Let there be a formula $\psi(x, y)$ that arithmetically defines the relation $Prf(m, n)$; hence, for all natural numbers $m$ and $n$, we have $Prf(m, n)$ if and only if $\psi(m, n)$ holds.

Then, we define the provability predicate in the usual way we know from first-order predicate logic:

$$Prov(n)\leftrightarrow\exists vPrf(v, n)$$

Thus, we can define the consistency predicate:

$$Con(\Phi_{T})\leftrightarrow\neg Prov_{T}(\ulcorner 0=1\urcorner)$$

Therefore,

$$Con(\Phi_{T})\leftrightarrow\neg \exists vPrf_{T}(v, \ulcorner 0=1\urcorner)$$

which expresses that there is no natural number $v$ that would be the Gödel number for the proof of the closed formula $0=1$ for consistency to hold.
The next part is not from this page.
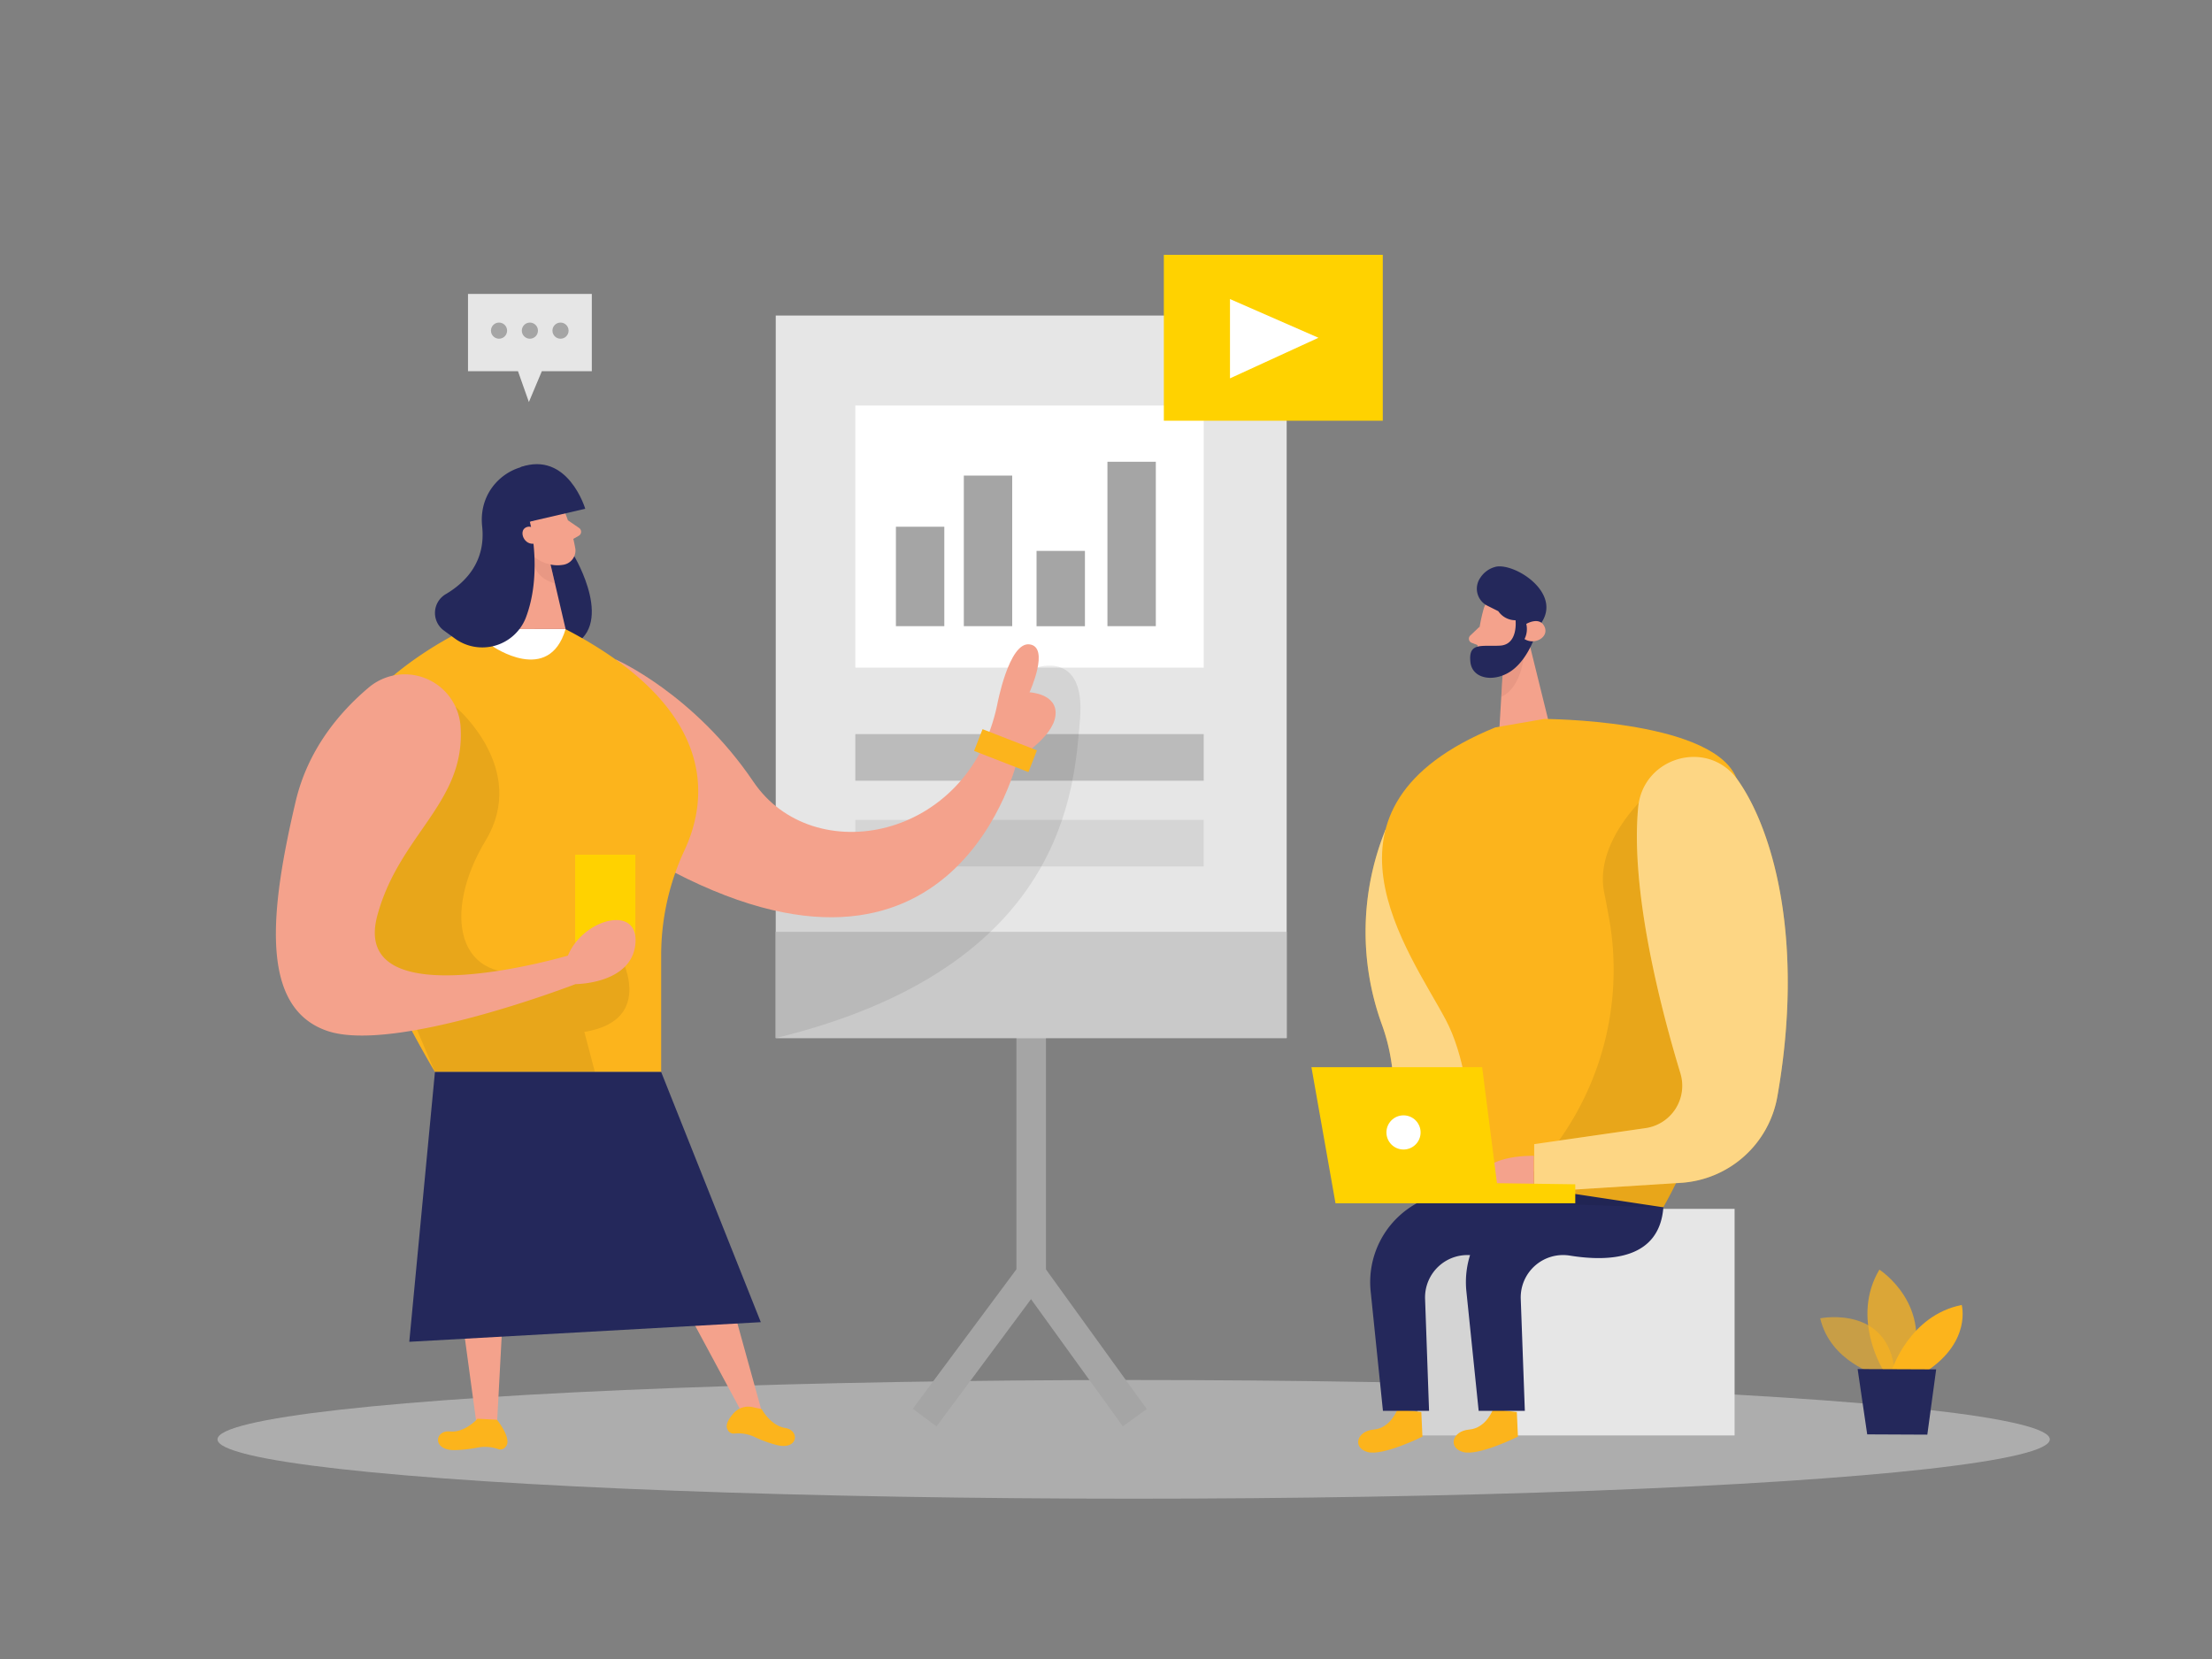<svg id="Layer_1" data-name="Layer 1" xmlns="http://www.w3.org/2000/svg" viewBox="0 0 400 300"><rect x="0" y="0" width="400" height="300" fill="#808080" stroke="none"/><title>#126_team meeting_twocolour</title><path d="M250.56,150a49.12,49.12,0,0,0-.65,35.33c7,19.45-8.22,29.27,21.23,31.88S250.56,150,250.56,150Z" fill="#fcb41c"/><path d="M250.56,150a49.12,49.12,0,0,0-.65,35.33c7,19.45-8.22,29.27,21.23,31.88S250.56,150,250.56,150Z" fill="#fff" opacity="0.46"/><ellipse cx="205" cy="260.28" rx="165.67" ry="10.73" fill="#e6e6e6" opacity="0.45"/><polygon points="169.35 257.94 165.06 254.75 183.8 229.53 183.8 186.1 189.14 186.1 189.14 231.3 169.35 257.94" fill="#a5a5a5"/><rect x="192.63" y="225.71" width="5.34" height="33.86" transform="translate(-105.08 160.24) rotate(-35.83)" fill="#a5a5a5"/><rect x="140.28" y="57.06" width="92.39" height="130.65" fill="#e6e6e6"/><path d="M268.25,110.26a31,31,0,0,0-1.11,8.15,2.49,2.49,0,0,0,2.66,2.31,5.49,5.49,0,0,0,5-3.27l2.24-4a4.45,4.45,0,0,0-1.05-5C273.58,106,268.91,107.32,268.25,110.26Z" fill="#f4a28c"/><polygon points="276.08 114.45 279.97 130.19 271.14 131.71 271.84 119.95 276.08 114.45" fill="#f4a28c"/><path d="M267.57,113.31l-1.7,1.62a.79.79,0,0,0,.26,1.31l1.79.7Z" fill="#f4a28c"/><path d="M271.82,120.29s3-1.39,3.83-2.62c0,0-.17,6.47-4.17,8.35Z" fill="#ce8172" opacity="0.31"/><path d="M273.17,114.75s.38-1.87,1.76-1.46.84,3.11-1.12,3Z" fill="#f4a28c"/><path d="M278.89,112.36l-1,1.79s-1.25,4.57-4.29,6.94-7.33,1.87-7.7-1.34c-.42-3.69,2.05-2.81,5.36-3s2.8-4.59,2.8-4.59a3.76,3.76,0,0,1-3.12-1.64l-2-1a3.44,3.44,0,0,1-1.24-5.06,4.62,4.62,0,0,1,2.91-2C274.06,101.9,282.12,107.06,278.89,112.36Z" fill="#24285b"/><path d="M276,112.82s2.4-1.42,3.29.49-1.79,3.41-3.61,2.25A4,4,0,0,0,276,112.82Z" fill="#f4a28c"/><rect x="256.34" y="218.6" width="57.33" height="40.97" fill="#e6e6e6"/><polygon points="271.48 259.57 268.72 223.5 257.22 225.25 253.8 239.09 256.35 259.57 271.48 259.57" opacity="0.08"/><path d="M270,254.83s-1.23,3.42-4.32,3.68-3.89,3.28-1.12,4.06,9.93-2.78,9.93-2.78l-.2-4.45Z" fill="#fcb41c"/><path d="M270.39,131.54l8.83-1.53s29.36.05,34.5,10.1,4.06,47.49-12.93,78.21l-34.77,1s1.93-22.56-4.55-34.85S234.85,146.07,270.39,131.54Z" fill="#fcb41c"/><path d="M300.79,218.32l-17-2.57a16.28,16.28,0,0,0-18.62,17.77l2.22,21.61h8.35L275,234.89a7.66,7.66,0,0,1,8.87-7.84C291.11,228.22,300.08,227.71,300.79,218.32Z" fill="#24285b"/><path d="M252.72,254.83s-1.23,3.42-4.31,3.68-3.89,3.28-1.12,4.06,9.93-2.78,9.93-2.78l-.2-4.45Z" fill="#fcb41c"/><path d="M297.81,143.72s-9.64,8.45-7.7,17.78c.31,1.51.64,3.33,1,5.33a53.19,53.19,0,0,1-12.5,43.59l-6.07,7,28.29.95,2.42-4.74,13.21-22Z" opacity="0.08"/><path d="M283.48,218.32l-17-2.57a16.28,16.28,0,0,0-18.62,17.77l2.22,21.61h8.34l-.72-20.24a7.66,7.66,0,0,1,8.87-7.84C273.8,228.22,282.77,227.71,283.48,218.32Z" fill="#24285b"/><path d="M314.21,141c6.44,9.07,12.16,29.09,7.19,57.3A18.92,18.92,0,0,1,304,213.89l-26.57,1.68V206.9L297.57,204a7.74,7.74,0,0,0,6.3-9.92c-3.56-11.71-9.06-32.93-7.64-48.05C297.09,136.82,308.86,133.52,314.21,141Z" fill="#fcb41c"/><path d="M314.21,141c6.44,9.07,12.16,29.09,7.19,57.3A18.92,18.92,0,0,1,304,213.89l-26.57,1.68V206.9L297.57,204a7.74,7.74,0,0,0,6.3-9.92c-3.56-11.71-9.06-32.93-7.64-48.05C297.09,136.82,308.86,133.52,314.21,141Z" fill="#fff" opacity="0.46"/><path d="M277.38,209s-10.78-.27-9.25,5.35,9.25,1.22,9.25,1.22Z" fill="#f4a28c"/><polygon points="241.5 217.59 237.15 192.98 268.02 192.98 270.7 213.96 284.86 214.16 284.86 217.59 241.5 217.59" fill="#ffd200"/><circle cx="253.8" cy="204.78" r="3.09" fill="#fff"/><rect x="154.67" y="73.33" width="63" height="47.4" fill="#fff"/><rect x="162.01" y="95.25" width="8.75" height="17.98" fill="#a5a5a5"/><rect x="174.29" y="86" width="8.75" height="27.23" fill="#a5a5a5"/><rect x="187.44" y="99.62" width="8.75" height="13.62" fill="#a5a5a5"/><rect x="200.26" y="83.5" width="8.75" height="29.73" fill="#a5a5a5"/><rect x="140.28" y="168.5" width="92.39" height="19.21" fill="#c9c9c9"/><rect x="154.67" y="132.75" width="63" height="8.43" fill="#a5a5a5" opacity="0.66"/><rect x="154.67" y="148.25" width="63" height="8.43" fill="#a5a5a5" opacity="0.25"/><path d="M187.44,120.73s8.9-3.2,7.86,9.28-2.5,44.91-55,57.7v-23L162,158.25l17.75-11.5,3.46-18.91Z" opacity="0.08"/><path d="M339.52,248.64s-8.52-2.33-10.37-10.25c0,0,13.2-2.67,13.57,11Z" fill="#fcb41c" opacity="0.58"/><path d="M340.56,247.79s-5.95-9.4-.71-18.2c0,0,10,6.37,5.57,18.22Z" fill="#fcb41c" opacity="0.73"/><path d="M342.1,247.8s3.14-9.93,12.64-11.82c0,0,1.78,6.45-6.15,11.85Z" fill="#fcb41c"/><polygon points="335.92 247.57 337.65 259.38 348.52 259.43 350.12 247.63 335.92 247.57" fill="#24285b"/><path d="M111.36,119.26s14.09,6.15,24.87,22.09,38.92,10.65,44.08-13.83c0,0,2.11-11.48,5.86-11s0,8.67,0,8.67,5.16.23,4.69,4.22-6.8,7.73-6.8,7.73-11,48.77-64.71,19.23Z" fill="#f4a28c"/><path d="M103.85,100.59s7.84,13.1-1.15,16.47-8.6-20.28-8.6-20.28Z" fill="#24285b"/><path d="M84.23,113.75s-25.42,11.57-25.11,29.83,19.53,50.27,19.53,50.27h40.91V172.67a45,45,0,0,1,4.21-18.9c4.17-8.93,6.43-25.45-21.5-40Z" fill="#fcb41c"/><path d="M89.08,116.87s10.18,7.09,13.2-3.12H92.89Z" fill="#fff"/><path d="M101.46,91.06a32.35,32.35,0,0,1,2.59,8.22,2.62,2.62,0,0,1-2.33,2.87A5.78,5.78,0,0,1,96,99.64l-3-3.71a4.66,4.66,0,0,1,.2-5.38C95.18,87.56,100.25,88.13,101.46,91.06Z" fill="#f4a28c"/><polygon points="94.11 96.78 92.89 113.75 102.28 113.75 99.47 101.72 94.11 96.78" fill="#f4a28c"/><path d="M102.7,94.09l2,1.37a.83.83,0,0,1,0,1.4l-1.74,1Z" fill="#f4a28c"/><path d="M99.55,102.06a6.33,6.33,0,0,1-3.06-1.47s-.61,3.68,3.87,4.91Z" fill="#ce8172" opacity="0.31"/><path d="M98,93.57l-2.19.75s2.39,9.36-.77,17.5a8.45,8.45,0,0,1-12.9,3.56L80.24,114a3.94,3.94,0,0,1,.37-6.56c3.56-2.1,7.26-5.86,6.58-12.24-.81-7.52,6-12.06,10.92-10.84A4.77,4.77,0,0,1,98,93.57Z" fill="#24285b"/><path d="M97.17,96.57s-.73-1.86-2.08-1.19-.32,3.36,1.69,2.9Z" fill="#f4a28c"/><polygon points="82.19 228.2 86.31 258.53 89.89 257.21 91.62 224.75 82.19 228.2" fill="#f4a28c"/><polygon points="119.72 228.61 134.1 255.33 137.78 255.33 129.57 225.67 119.72 228.61" fill="#f4a28c"/><path d="M86.34,256.55s-2.26,2.58-5,2.3-3.3,3.54,1.08,3.37a24.73,24.73,0,0,0,4.06-.47,7.08,7.08,0,0,1,3.67.32,1.17,1.17,0,0,0,1.27-.43c1.31-1.39-1.55-4.9-1.55-4.9Z" fill="#fcb41c"/><path d="M137.74,254.81s1.59,3,4.28,3.42,2.36,4.22-1.85,3a22.55,22.55,0,0,1-3.86-1.45,7.05,7.05,0,0,0-3.61-.54,1.19,1.19,0,0,1-1.13-.72c-.5-.88.28-2.06,1.12-3a3.58,3.58,0,0,1,3.3-1.09Z" fill="#fcb41c"/><rect x="104.01" y="154.56" width="10.89" height="16.1" fill="#ffd200"/><path d="M82.41,127.84S95.66,139,87.81,152s-5.44,26.51,9.36,23.46l14.8-3.06h0s7,12.05-6.3,14.2l1.9,7.23H78.65L75.4,186.2l-5.63-9.47L56.58,165.86Z" opacity="0.08"/><path d="M83.28,131.33a10.11,10.11,0,0,0-16.61-7c-5.38,4.54-11,11.27-13.2,20.57-4.69,19.93-6.52,37.28,5.65,41.5s44.95-8.44,44.95-8.44,10.13,0,10.83-7.27-9.5-4.53-12.2,2.11c0,0-39.61,11.72-34.46-7.27C72.24,150.78,84.24,145.16,83.28,131.33Z" fill="#f4a28c"/><rect x="176.56" y="133.62" width="10.55" height="4.22" transform="translate(61.65 -56.73) rotate(21.28)" fill="#fcb41c"/><polygon points="119.56 193.85 137.58 239.09 74.01 242.64 78.65 193.85 119.56 193.85" fill="#24285b"/><path d="M95.83,94.32l10-2.32S102.7,81.45,94.1,84.48Z" fill="#24285b"/><rect x="210.46" y="46.08" width="39.59" height="30" fill="#ffd200"/><polygon points="222.42 54.08 222.42 68.42 238.42 61.08 222.42 54.08" fill="#fff"/><polygon points="84.63 53.15 84.63 67.13 93.67 67.13 95.64 72.7 97.98 67.13 107.02 67.13 107.02 53.15 84.63 53.15" fill="#e6e6e6"/><circle cx="90.24" cy="59.79" r="1.46" fill="#a5a5a5"/><circle cx="95.82" cy="59.79" r="1.46" fill="#a5a5a5"/><circle cx="101.36" cy="59.79" r="1.46" fill="#a5a5a5"/></svg>

Consequently, we see that the consistency predicate is an arithmetical statement like the provability predicate.

Finally, I should remark that the consistency predicate could be construed in alternative ways and the outline given here can be formalised with additional details (e.g., requiring the variable $x$ of $Con(x)$ to be the Gödel number of the conjunction of the axioms involved).